### DIRECTIONS FOR THIS TASK
The output must match the entries below exactly, with pictures removed.

### SUPPLIED MATERIAL
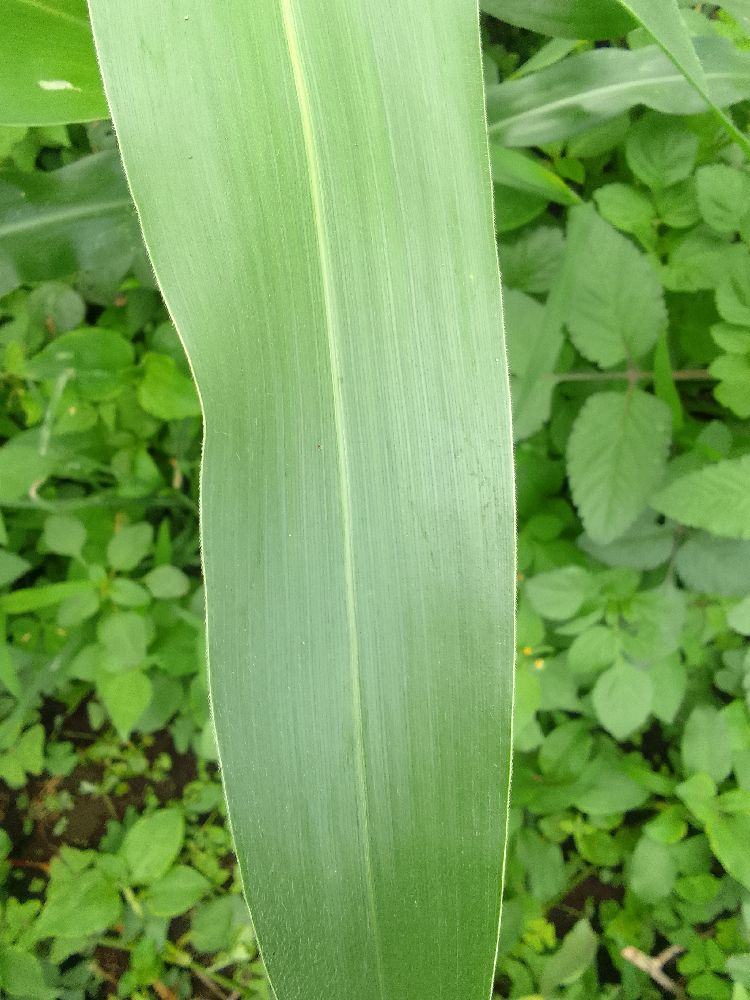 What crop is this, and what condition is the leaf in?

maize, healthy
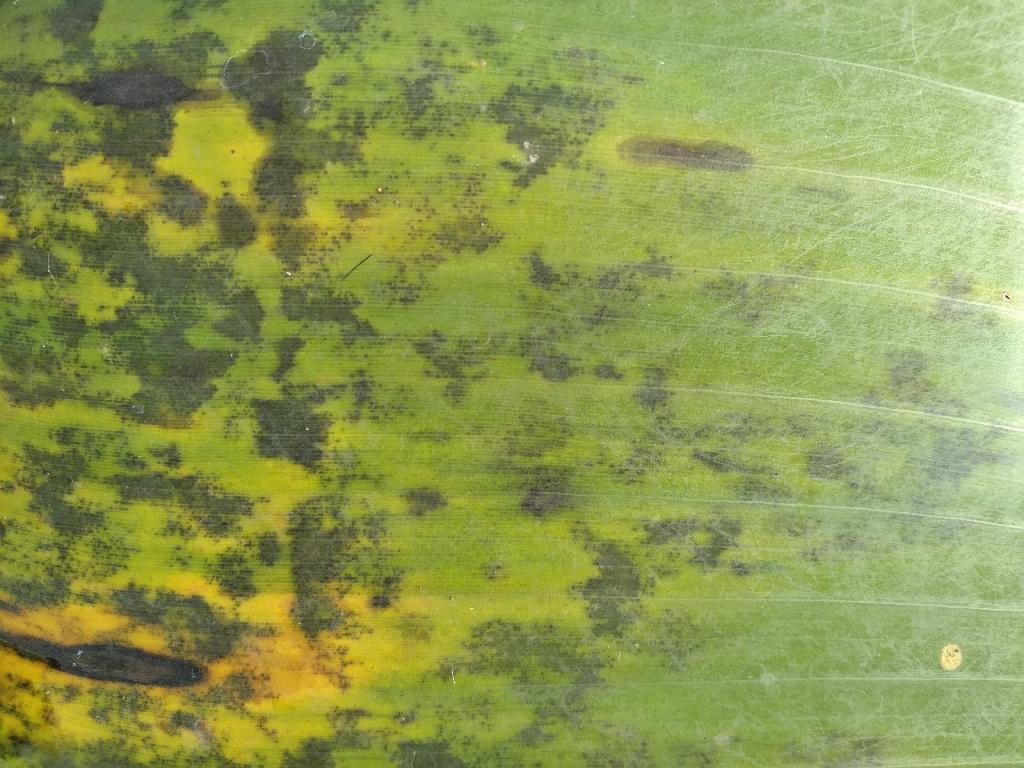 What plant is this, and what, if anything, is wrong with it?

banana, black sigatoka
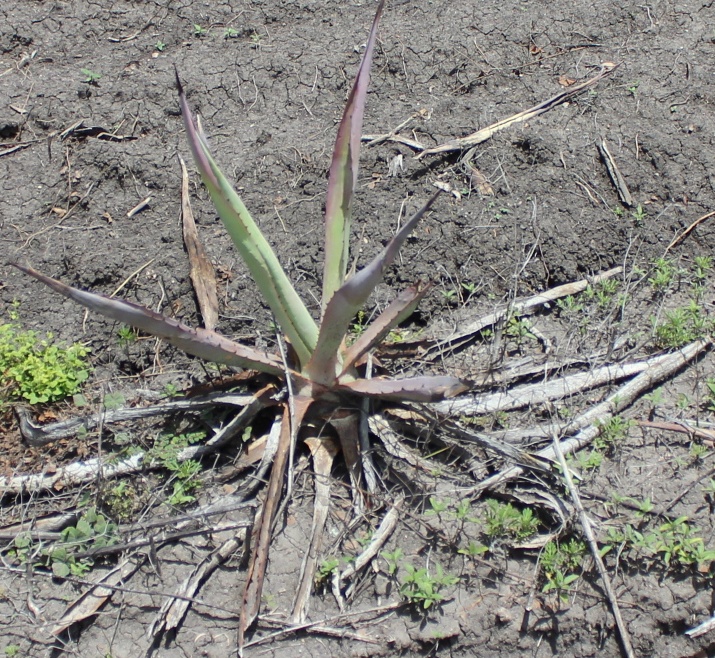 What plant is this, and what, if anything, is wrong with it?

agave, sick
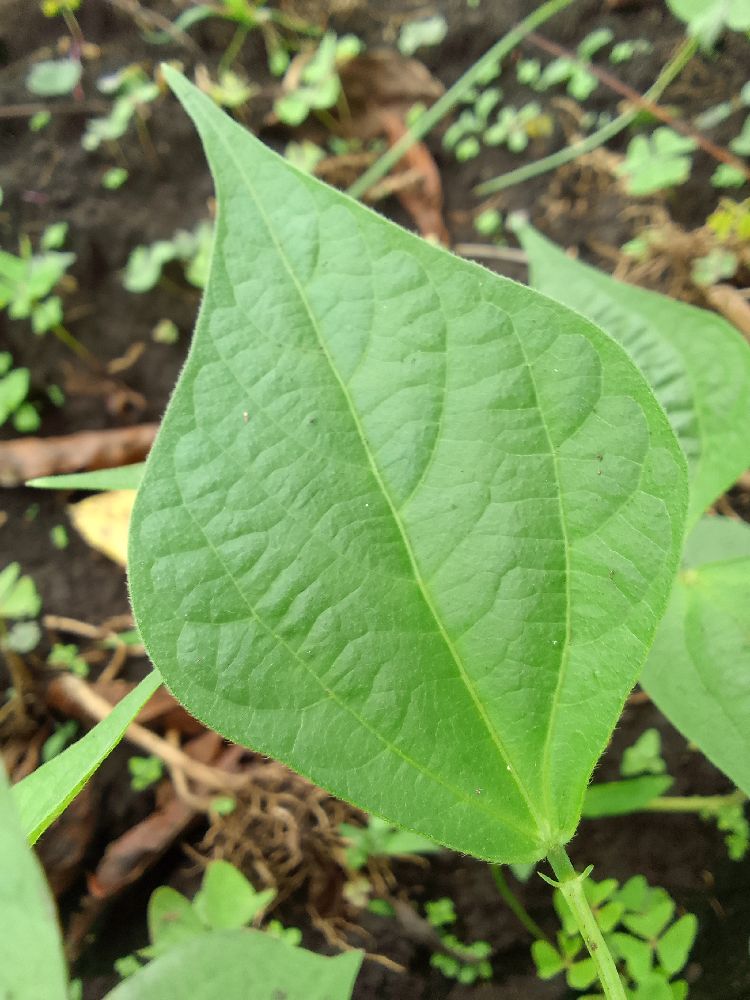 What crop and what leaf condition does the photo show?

### RESPONSE AREA
 What crop is this, and what condition is the leaf in?

maize, healthy
 What plant is this, and what, if anything, is wrong with it?

banana, black sigatoka
 What plant is this, and what, if anything, is wrong with it?

agave, sick
 What crop and what leaf condition does the photo show?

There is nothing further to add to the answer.